Preparing for Menopause: 5 Helpful Lifestyle Habits to Cultivate

As women age and hormones fluctuate and decrease, menopause occurs. If you’ve reached this stage of life, you may know the mental and/or physical discomfort that often accompanies it.

Perimenopause refers to the period of time before menopause takes place, but your body is beginning the transition. During perimenopause, your estrogen hormone dips and rises unevenly, which can cause mood swings, anxiety, and physical signs.

Perimenopause takes place at different times for each person. Some women experience this transition as early as their mid-30s, and some don’t notice any changes until they’re in their 50s.

After you’ve gone 12 consecutive months without having a period, you’ve transitioned from perimenopause to menopause.

To help you through this change of life, we’ve put together these five helpful lifestyle habits to cultivate before reaching menopause.

Connect with your partner

Sex is important for your relationship as you age. But hormonal changes can zap your sex drive, and other changes like weight gain might make you feel less desirable. Make time in your schedule now to physically connect with your partner.

If you’re having trouble with intimacy during this transitional time, try holding hands and soft massages or special date nights.

Eat healthy

Watch your nutritional needs closely. As you age, your risk for heart disease and osteoporosis increases, making dietary choices extra important. The best way to stay healthy is by eating a diet rich in fruits, whole grains, and vegetables. Limit your fat intake and get enough fiber every day.

You might want to consider nutritional supplements if you need more vitamin D.

Exercise to avoid fatigue

With the onset of menopause, you can be extremely tired. Regular physical activity and exercise prevents weight gain, improves your mood, and helps you sleep better at night.

Try to get some physical activity for at least 30 minutes every day, but make enough time to relax before you go to sleep. An exercise routine strengthens your bones and can reduce your risk for hip fractures.

Practice good sleep hygiene

Fatigue leads directly to the opposite problem that menopausal women often report, which is insomnia.
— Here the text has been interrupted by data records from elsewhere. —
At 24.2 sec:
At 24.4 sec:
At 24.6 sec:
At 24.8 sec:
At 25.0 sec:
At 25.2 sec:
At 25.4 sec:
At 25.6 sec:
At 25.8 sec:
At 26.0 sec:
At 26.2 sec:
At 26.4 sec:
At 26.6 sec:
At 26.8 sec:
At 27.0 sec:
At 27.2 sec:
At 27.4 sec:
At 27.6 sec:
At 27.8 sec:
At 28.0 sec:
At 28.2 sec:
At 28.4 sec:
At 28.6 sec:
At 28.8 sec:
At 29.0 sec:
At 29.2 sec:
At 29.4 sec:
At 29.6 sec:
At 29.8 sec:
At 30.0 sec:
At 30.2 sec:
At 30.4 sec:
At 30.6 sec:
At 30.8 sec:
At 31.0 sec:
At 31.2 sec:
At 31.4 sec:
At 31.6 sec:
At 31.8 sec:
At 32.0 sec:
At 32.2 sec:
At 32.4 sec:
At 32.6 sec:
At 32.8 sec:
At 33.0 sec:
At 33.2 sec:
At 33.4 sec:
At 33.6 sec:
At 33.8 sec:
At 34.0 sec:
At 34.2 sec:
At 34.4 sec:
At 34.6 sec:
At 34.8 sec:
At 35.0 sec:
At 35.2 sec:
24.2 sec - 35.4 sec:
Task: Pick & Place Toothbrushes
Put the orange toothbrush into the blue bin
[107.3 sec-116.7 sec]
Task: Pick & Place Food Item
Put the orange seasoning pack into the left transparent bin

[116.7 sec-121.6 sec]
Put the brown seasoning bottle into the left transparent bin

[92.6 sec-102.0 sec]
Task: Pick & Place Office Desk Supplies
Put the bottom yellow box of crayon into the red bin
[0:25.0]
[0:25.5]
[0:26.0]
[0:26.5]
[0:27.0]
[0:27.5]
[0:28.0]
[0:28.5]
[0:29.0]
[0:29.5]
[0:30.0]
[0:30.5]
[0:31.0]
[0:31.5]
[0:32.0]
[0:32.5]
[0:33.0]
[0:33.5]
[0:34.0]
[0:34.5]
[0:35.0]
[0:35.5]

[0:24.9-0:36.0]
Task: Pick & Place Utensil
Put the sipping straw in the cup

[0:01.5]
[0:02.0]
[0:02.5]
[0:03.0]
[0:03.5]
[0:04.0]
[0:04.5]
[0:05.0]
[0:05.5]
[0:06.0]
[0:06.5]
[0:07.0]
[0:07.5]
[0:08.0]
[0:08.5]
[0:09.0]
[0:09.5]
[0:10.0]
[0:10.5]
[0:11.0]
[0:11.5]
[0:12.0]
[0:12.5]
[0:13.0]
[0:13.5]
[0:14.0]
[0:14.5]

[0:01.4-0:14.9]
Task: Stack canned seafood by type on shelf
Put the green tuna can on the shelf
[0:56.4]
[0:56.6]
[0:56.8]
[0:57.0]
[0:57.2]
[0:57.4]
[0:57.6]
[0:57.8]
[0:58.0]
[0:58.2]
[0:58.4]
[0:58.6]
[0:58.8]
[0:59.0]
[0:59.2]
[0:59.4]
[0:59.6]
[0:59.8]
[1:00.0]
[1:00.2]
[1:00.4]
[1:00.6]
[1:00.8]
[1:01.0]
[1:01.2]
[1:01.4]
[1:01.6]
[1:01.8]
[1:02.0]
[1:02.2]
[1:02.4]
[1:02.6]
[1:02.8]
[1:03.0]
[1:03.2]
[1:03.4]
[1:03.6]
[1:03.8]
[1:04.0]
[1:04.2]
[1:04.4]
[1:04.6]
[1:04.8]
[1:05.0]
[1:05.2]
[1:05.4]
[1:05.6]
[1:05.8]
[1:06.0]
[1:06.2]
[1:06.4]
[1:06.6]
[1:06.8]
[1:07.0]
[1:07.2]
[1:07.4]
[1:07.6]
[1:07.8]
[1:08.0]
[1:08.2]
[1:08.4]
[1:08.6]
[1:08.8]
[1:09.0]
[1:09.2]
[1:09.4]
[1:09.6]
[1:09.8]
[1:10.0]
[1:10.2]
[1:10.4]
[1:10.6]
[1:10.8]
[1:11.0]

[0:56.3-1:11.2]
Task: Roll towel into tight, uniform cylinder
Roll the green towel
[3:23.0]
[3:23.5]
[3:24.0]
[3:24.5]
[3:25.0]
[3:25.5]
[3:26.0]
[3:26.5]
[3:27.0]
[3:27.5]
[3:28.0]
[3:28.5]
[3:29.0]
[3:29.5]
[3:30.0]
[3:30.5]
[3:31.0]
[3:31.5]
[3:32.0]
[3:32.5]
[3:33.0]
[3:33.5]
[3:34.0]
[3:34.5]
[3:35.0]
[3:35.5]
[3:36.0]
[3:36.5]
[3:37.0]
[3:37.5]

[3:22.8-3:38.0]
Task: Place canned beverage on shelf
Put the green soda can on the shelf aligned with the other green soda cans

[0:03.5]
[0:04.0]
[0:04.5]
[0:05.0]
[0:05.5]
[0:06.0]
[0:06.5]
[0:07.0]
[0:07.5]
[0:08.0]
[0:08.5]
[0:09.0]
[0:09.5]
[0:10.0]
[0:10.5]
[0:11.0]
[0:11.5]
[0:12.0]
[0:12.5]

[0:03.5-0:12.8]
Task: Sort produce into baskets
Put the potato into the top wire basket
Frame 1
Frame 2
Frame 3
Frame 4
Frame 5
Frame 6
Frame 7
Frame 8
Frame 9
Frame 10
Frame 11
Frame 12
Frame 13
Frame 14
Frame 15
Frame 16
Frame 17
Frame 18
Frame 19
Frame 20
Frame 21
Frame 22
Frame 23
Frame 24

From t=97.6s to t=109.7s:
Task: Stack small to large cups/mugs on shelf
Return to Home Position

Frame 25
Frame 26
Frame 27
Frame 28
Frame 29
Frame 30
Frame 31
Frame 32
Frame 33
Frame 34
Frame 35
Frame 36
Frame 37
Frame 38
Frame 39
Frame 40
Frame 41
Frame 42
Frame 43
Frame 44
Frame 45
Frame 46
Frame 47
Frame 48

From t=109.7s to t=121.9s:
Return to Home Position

Night sweats and stress can keep you awake, and a hormone deficiency, especially progesterone, which also has a calming effect, robs you of sleep.

Try going to bed and waking up at the same time every day of the week, even on vacation. You’ll have much more energy, and you can avoid uncomfortable symptoms of menopause like anxiety and insomnia.

Track your mental health

Most women experience mood swings before and during menopause. You can prevent and reduce them by following the tips above.